One of the ongoing questions from members of boards of directors is how to resolve the tension between oversight and managing.
An excellent starting point to understanding this role is to consider the metaphor, “put sand in the shoes of management,” meaning that boards need to continually challenge management on the scenarios that management has considered and what stories it is telling itself about what could go wrong. Moreover, as aptly shown by the phrase, “boards need to get management out of its comfort zone,” executive teams begin to believe about themselves and how well they are doing. The independent challenge that the board can offer is that by putting that little bit of sand in the shoe of management it makes sure management is thinking about things carefully.
The key role of the board is not management, but oversight focusing on governance. To have good oversight, an effective board should challenge senior management not only on what they have planned for, but what they may not have considered, or may not have even known about.

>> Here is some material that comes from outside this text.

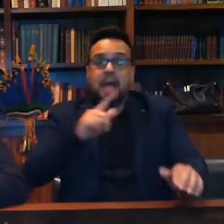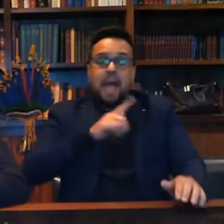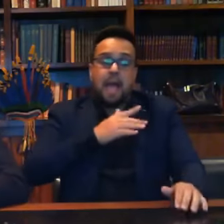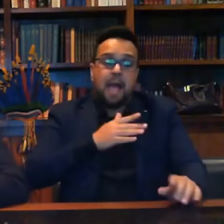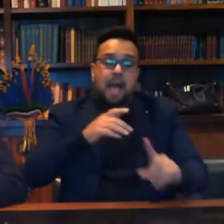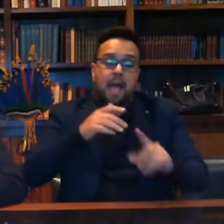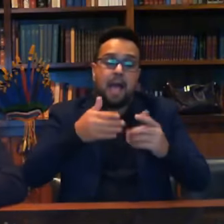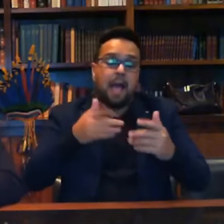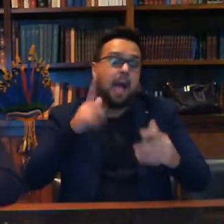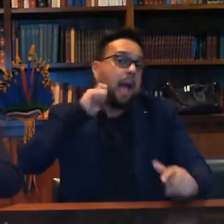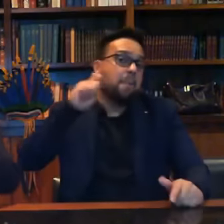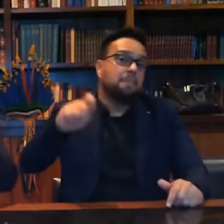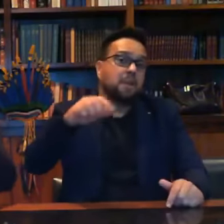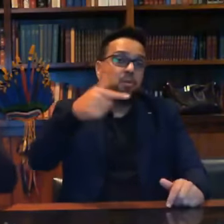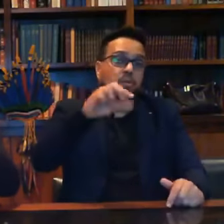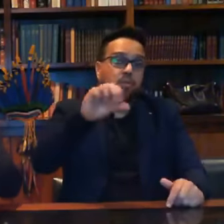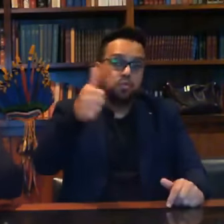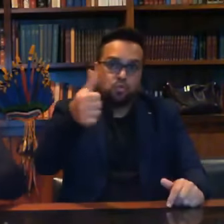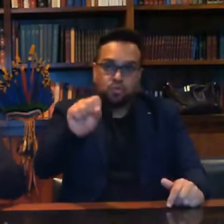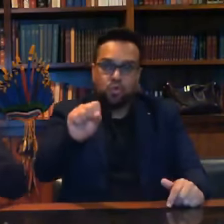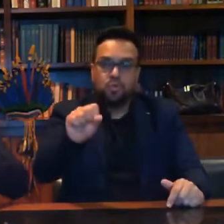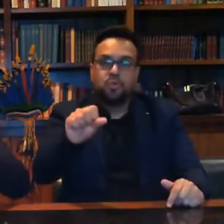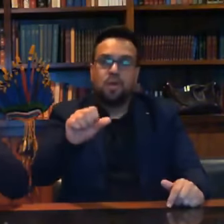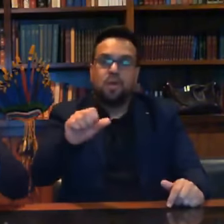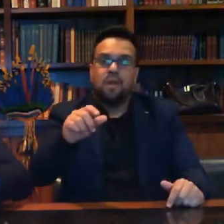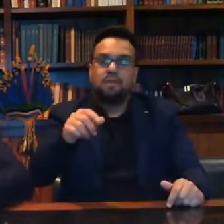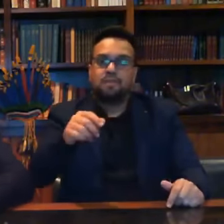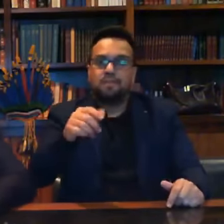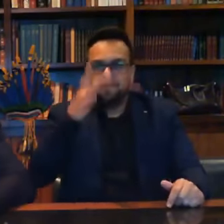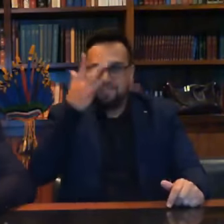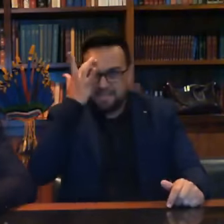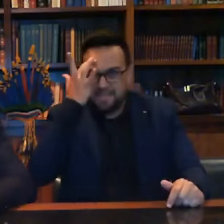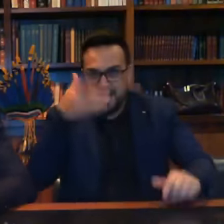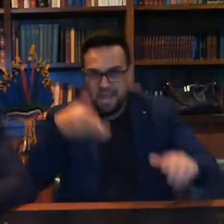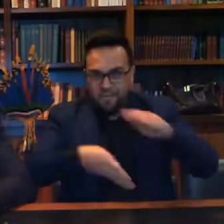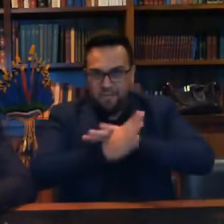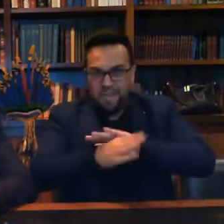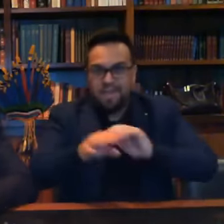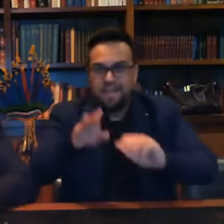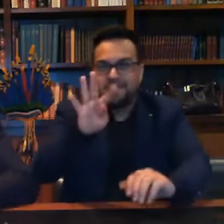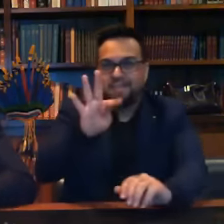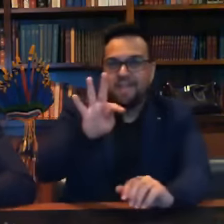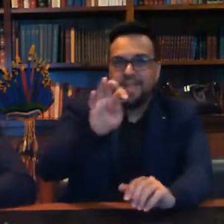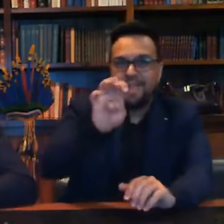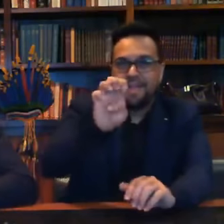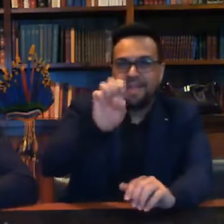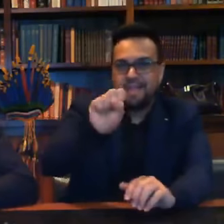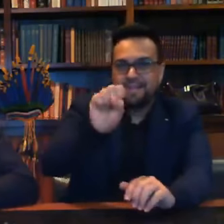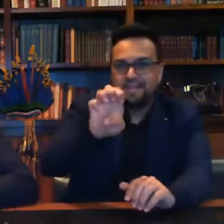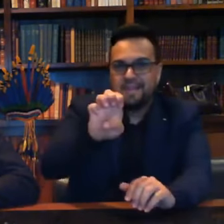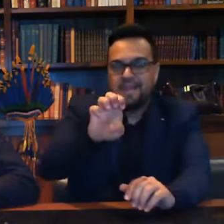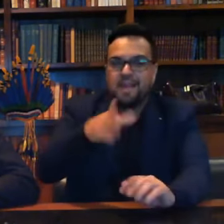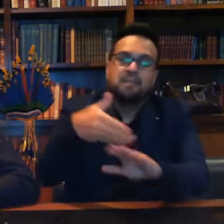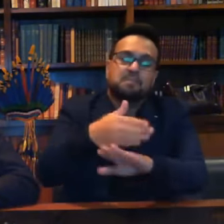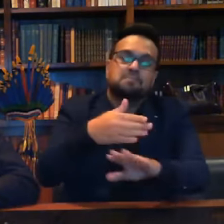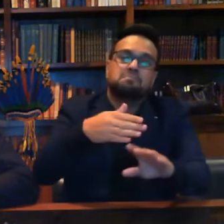ano das presidenciais, ele ficou passeando lá no TSE, teve acesso ao código-fonte,
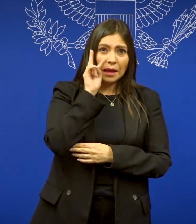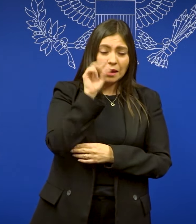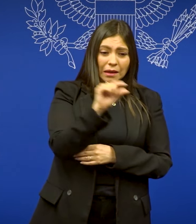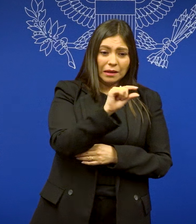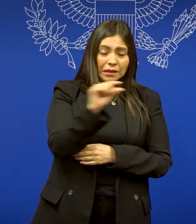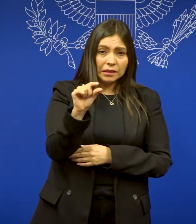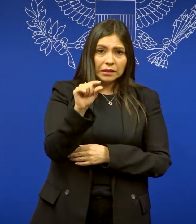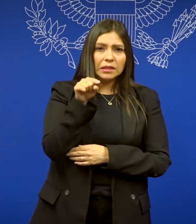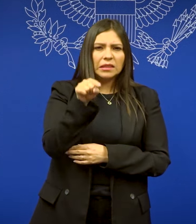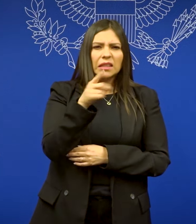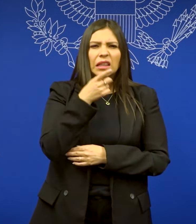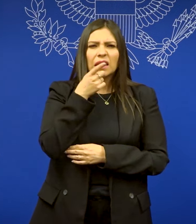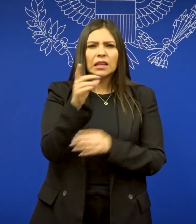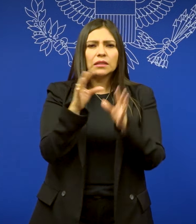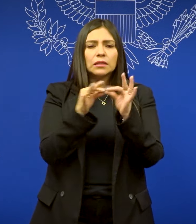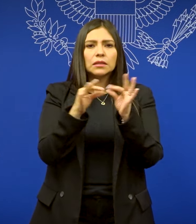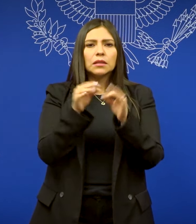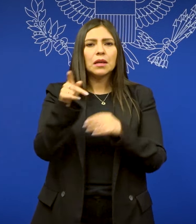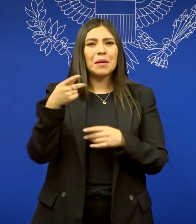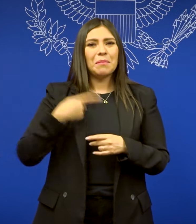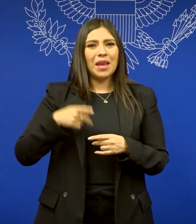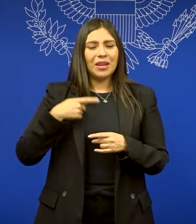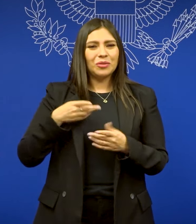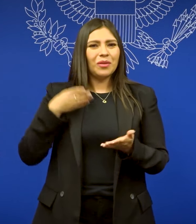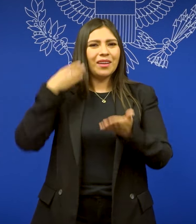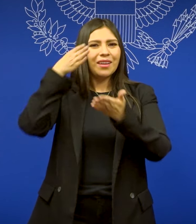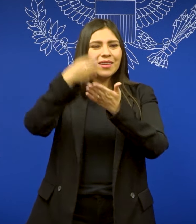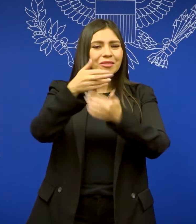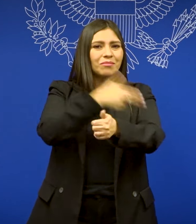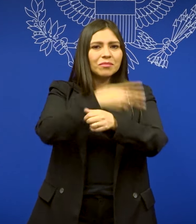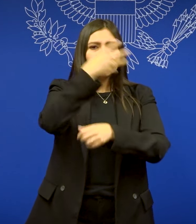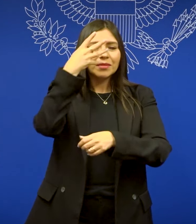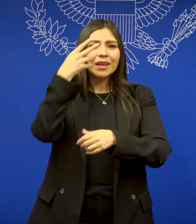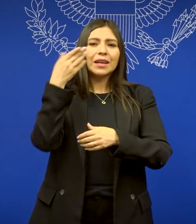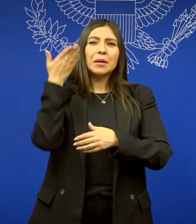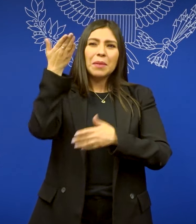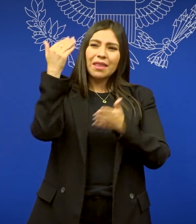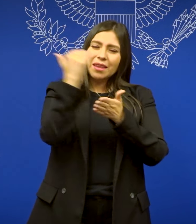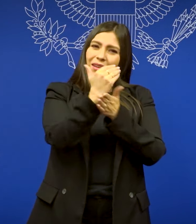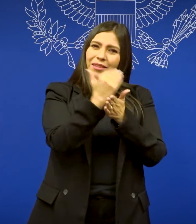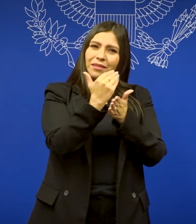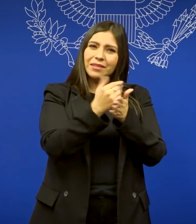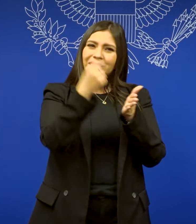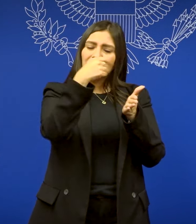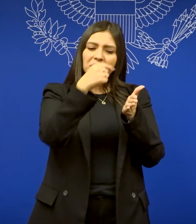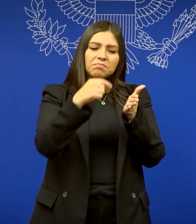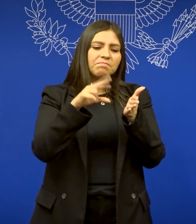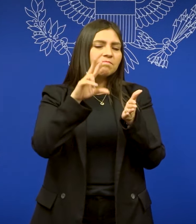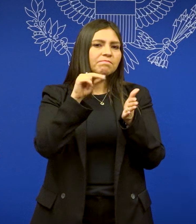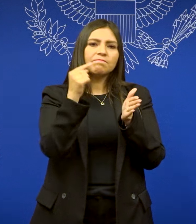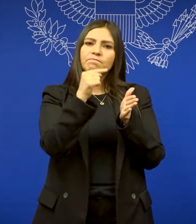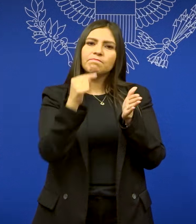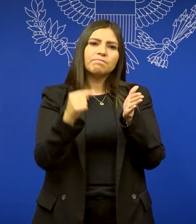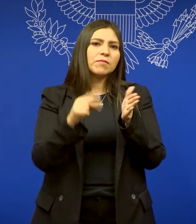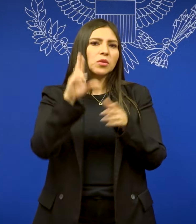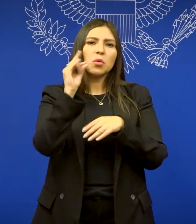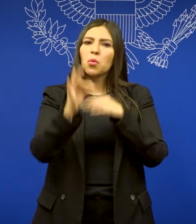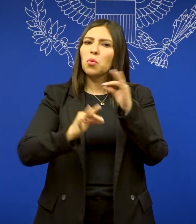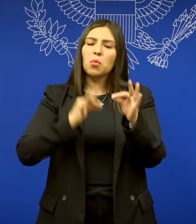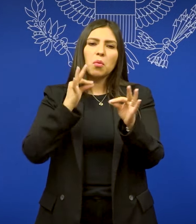214B, generalmente explicará que el solicitante no cumple con los requisitos para solicitar

A board should focus on all those stakeholders involved in the company. This can include the management team itself, the employees, shareholders, business venture partners, and the board members themselves.
Reputational damage hurts everyone. One of the things that can really make a difference to management is when the board is able to be an effective devil’s advocate—not managing the senior executives, but rather assisting them in their governing role by helping management to step back and think critically of their own underlying assumptions and biases.
One of the continuing struggles I hear from board members is asymmetrical information, largely due to the siloed nature of company information and structures. These sorts of barriers are pervasive in any company of any size that has different operations, product lines, and markets in different countries and time zones. These limitations in the free flow of information by themselves create a risk to the organization, its investors, employees, and the board’s ability to ask questions.
It's a reminder to management to listen carefully to its own organization and be able to link information to all of the places it needs to be fed, lest you suffer the same fate as Wells Fargo's board, which led to its fraudulent accounts scandal.